In June 1991 the volcano Pinatubo in the Philippines erupted with a cloud of ash 130,000 feet (over 24 miles) high and 10 miles wide. Pyroclastic flows devastated the landscape, with later further volcanic ash and mud flowing for thousands of square miles. The volcanic blast in 1883 at Krakatau (in between the Sumatra and Java islands of Indonesia) was even greater; this was heard 2,900 miles away, with rocks thrown 34 miles high into the atmosphere and dust falling 3,313 miles away ten days after the explosion. A tsunami (tidal wave) 100 feet high was created, which travelled right across the Indian Ocean at 450 mph, and volcanic mist circled the earth and turned the sun blue and green.
On May 18, 1980, probably the most well-documented recent volcanic eruption took place at Mount St. Helens in Washington state. The top of the mountain was completely removed and a hot blast ripped away 150 square miles of forest. The movement of the mountain caused a wave nearly 900 feet high to move across Spirit Lake, with the effect that approximately one million tree trunks found their way into the lake. Many others were pushed further down into lower regions by mudflows and were actually observed upright, roots down, moving at great speed in the mudflows.
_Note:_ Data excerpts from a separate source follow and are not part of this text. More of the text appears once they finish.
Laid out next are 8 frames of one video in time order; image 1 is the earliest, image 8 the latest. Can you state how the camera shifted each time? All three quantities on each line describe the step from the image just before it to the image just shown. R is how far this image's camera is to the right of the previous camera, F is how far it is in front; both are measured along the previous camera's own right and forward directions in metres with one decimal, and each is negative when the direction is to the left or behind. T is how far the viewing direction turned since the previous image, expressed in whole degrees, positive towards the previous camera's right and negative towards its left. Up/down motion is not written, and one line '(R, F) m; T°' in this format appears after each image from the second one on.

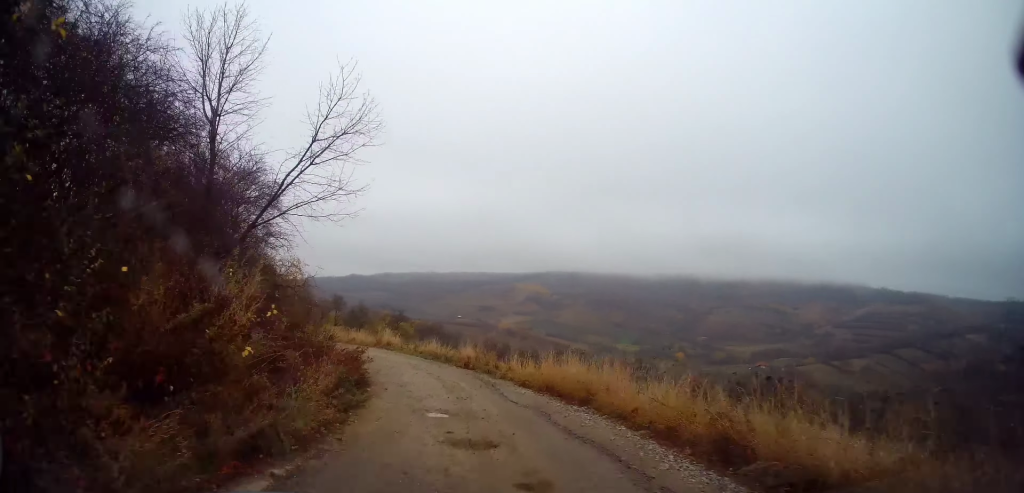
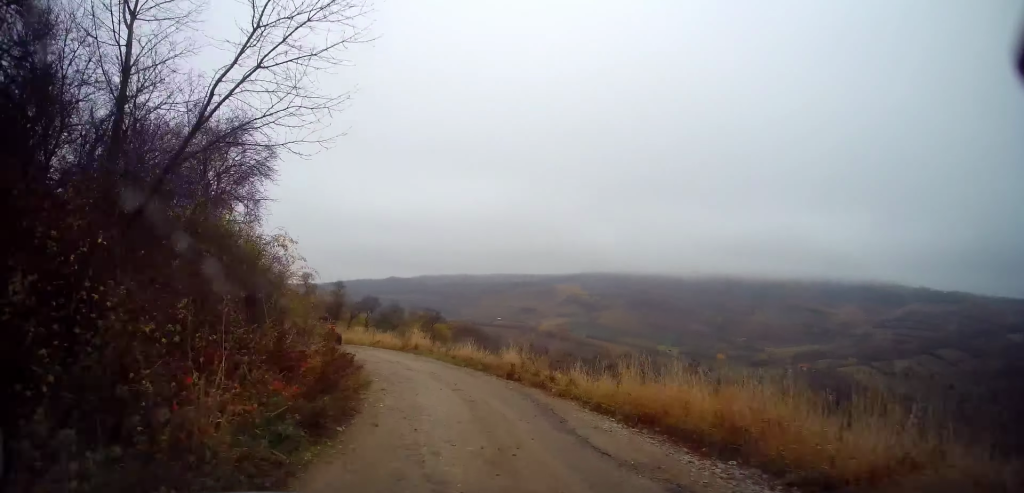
(-0.2, +5.4) m; -2°
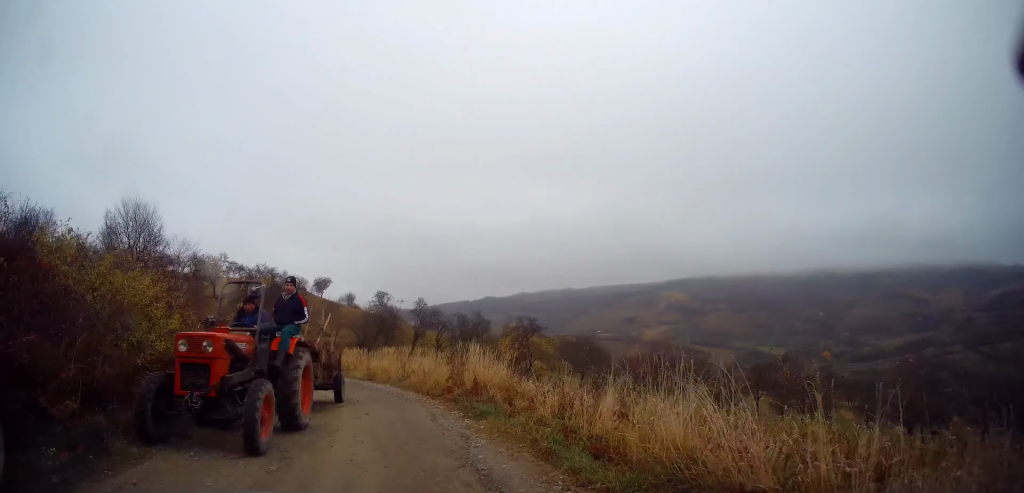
(-1.5, +20.3) m; -10°
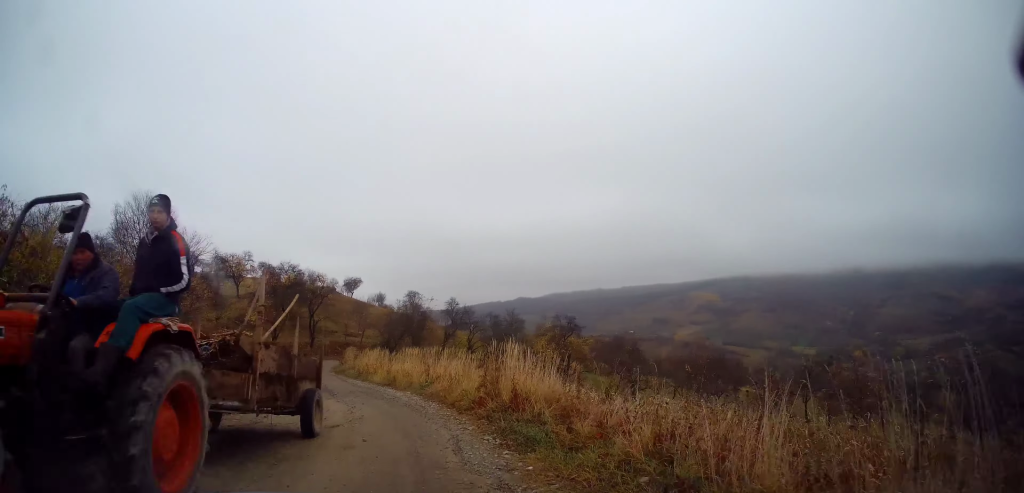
(0.0, +3.1) m; -5°
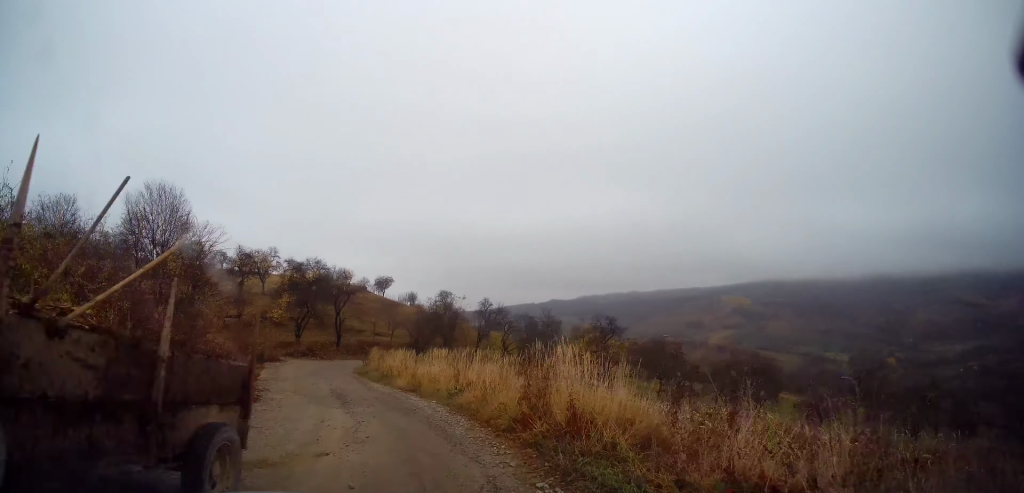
(0.0, +2.5) m; -7°
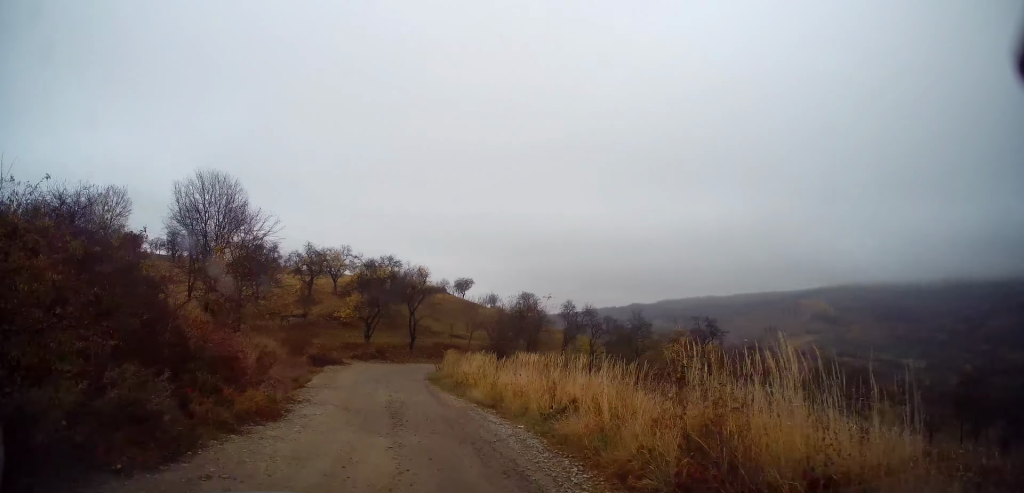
(-0.4, +3.5) m; -8°
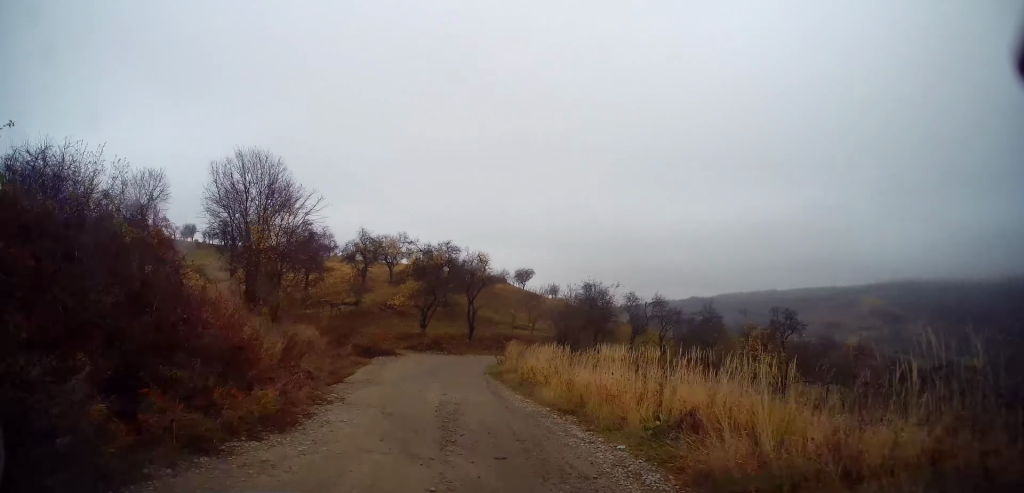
(-0.1, +2.4) m; -5°
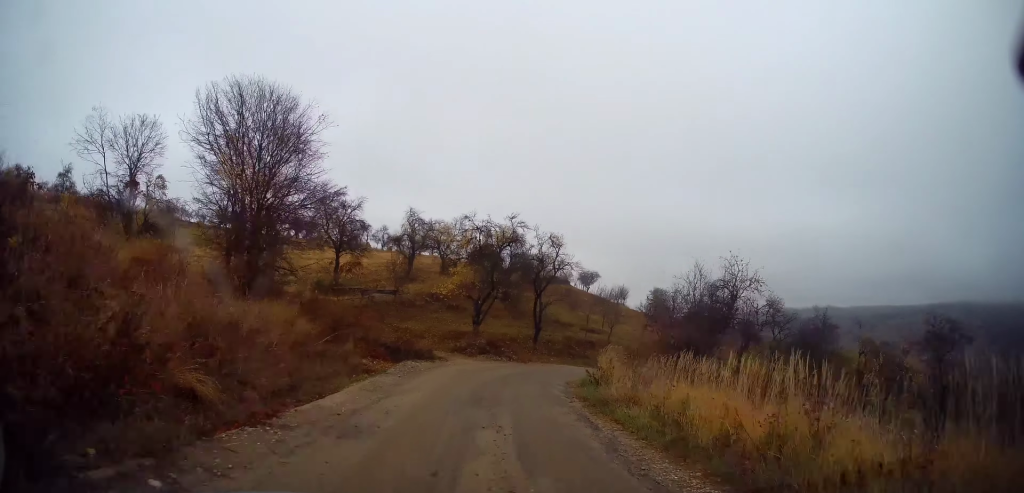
(-0.5, +8.0) m; -3°

Not until this eruption had it been quite appreciated what the immediate aftermath of volcanic eruptions can sometimes cause. Sediments 600 feet thick were exposed by subsequent mudflows carving their way through the initial sediments before they had hardened. The Toutle River canyon, formed in 1980, is effectively a miniature 1/40th version of the Grand Canyon. The implication is that the Colorado River is not the way the world’s greatest canyon was formed, that is, by slow erosion. All the evidence is consistent with massive volcanic and sedimentary upheaval on a continental scale, followed by the bursting of great dams of water, and clay breaking and causing subsequent massive mudflows, entirely consistent with the description in the book of Genesis of the Great Flood.
When the Bible speaks historically (and literary experts agree Genesis is written as history), I believe we can trust what it says.